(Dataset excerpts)
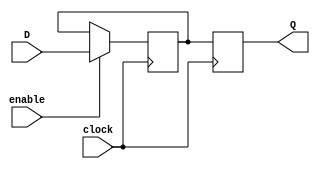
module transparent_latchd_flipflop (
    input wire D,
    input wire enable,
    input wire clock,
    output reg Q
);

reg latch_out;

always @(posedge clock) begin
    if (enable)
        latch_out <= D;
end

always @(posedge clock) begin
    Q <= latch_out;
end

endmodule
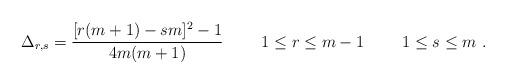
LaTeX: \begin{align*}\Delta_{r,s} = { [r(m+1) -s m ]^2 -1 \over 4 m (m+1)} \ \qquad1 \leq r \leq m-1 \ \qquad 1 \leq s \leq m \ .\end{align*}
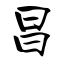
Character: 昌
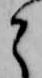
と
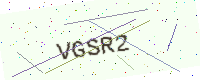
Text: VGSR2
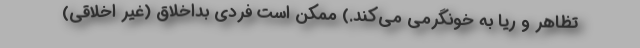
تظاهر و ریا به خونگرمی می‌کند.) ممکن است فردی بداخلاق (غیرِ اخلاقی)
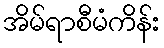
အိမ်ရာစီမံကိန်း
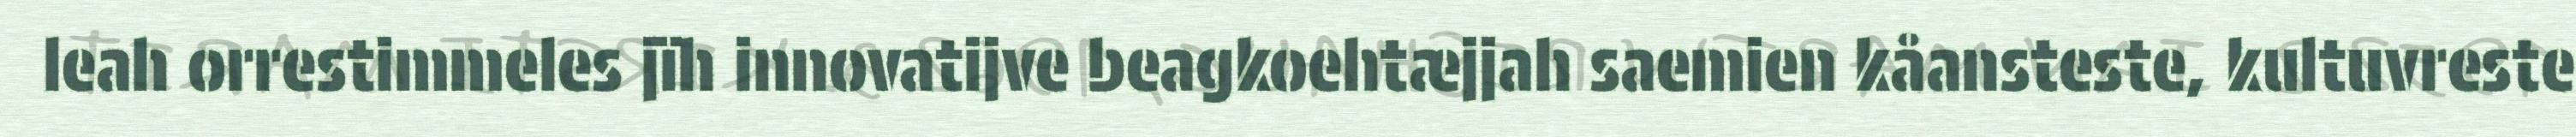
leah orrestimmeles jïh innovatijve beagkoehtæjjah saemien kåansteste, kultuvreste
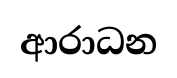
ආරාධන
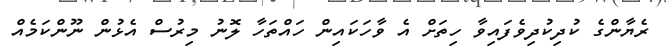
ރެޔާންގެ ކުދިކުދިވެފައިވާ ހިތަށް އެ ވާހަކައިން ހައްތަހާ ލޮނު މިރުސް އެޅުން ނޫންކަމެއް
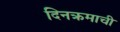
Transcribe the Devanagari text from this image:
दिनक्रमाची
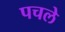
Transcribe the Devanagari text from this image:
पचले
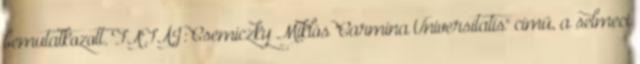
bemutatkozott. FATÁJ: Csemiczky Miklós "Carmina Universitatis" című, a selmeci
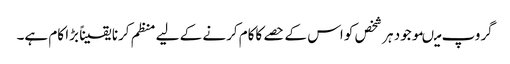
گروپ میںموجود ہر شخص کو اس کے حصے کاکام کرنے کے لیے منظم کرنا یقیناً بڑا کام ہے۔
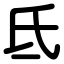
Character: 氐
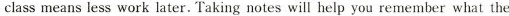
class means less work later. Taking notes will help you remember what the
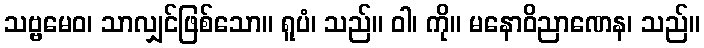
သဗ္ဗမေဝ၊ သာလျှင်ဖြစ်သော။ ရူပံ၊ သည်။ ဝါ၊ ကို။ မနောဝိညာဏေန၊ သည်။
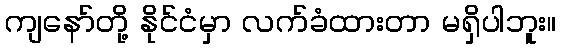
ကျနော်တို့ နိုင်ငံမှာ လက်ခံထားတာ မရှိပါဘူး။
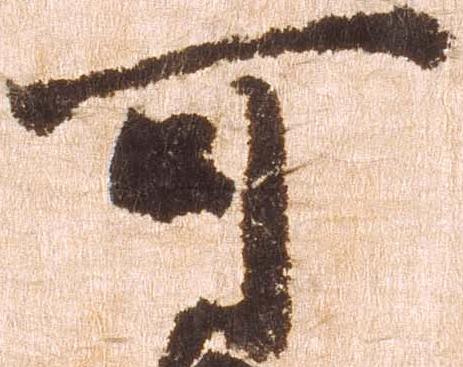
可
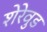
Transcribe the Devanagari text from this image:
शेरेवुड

→ What you should do
Exactly the lines from the line containing "Character: 氐" to the end of the records need to be copied, both ends included, with pictures left out.

→ Result
Character: 氐
class means less work later. Taking notes will help you remember what the
သဗ္ဗမေဝ၊ သာလျှင်ဖြစ်သော။ ရူပံ၊ သည်။ ဝါ၊ ကို။ မနောဝိညာဏေန၊ သည်။
ကျနော်တို့ နိုင်ငံမှာ လက်ခံထားတာ မရှိပါဘူး။
可
Transcribe the Devanagari text from this image:
शेरेवुड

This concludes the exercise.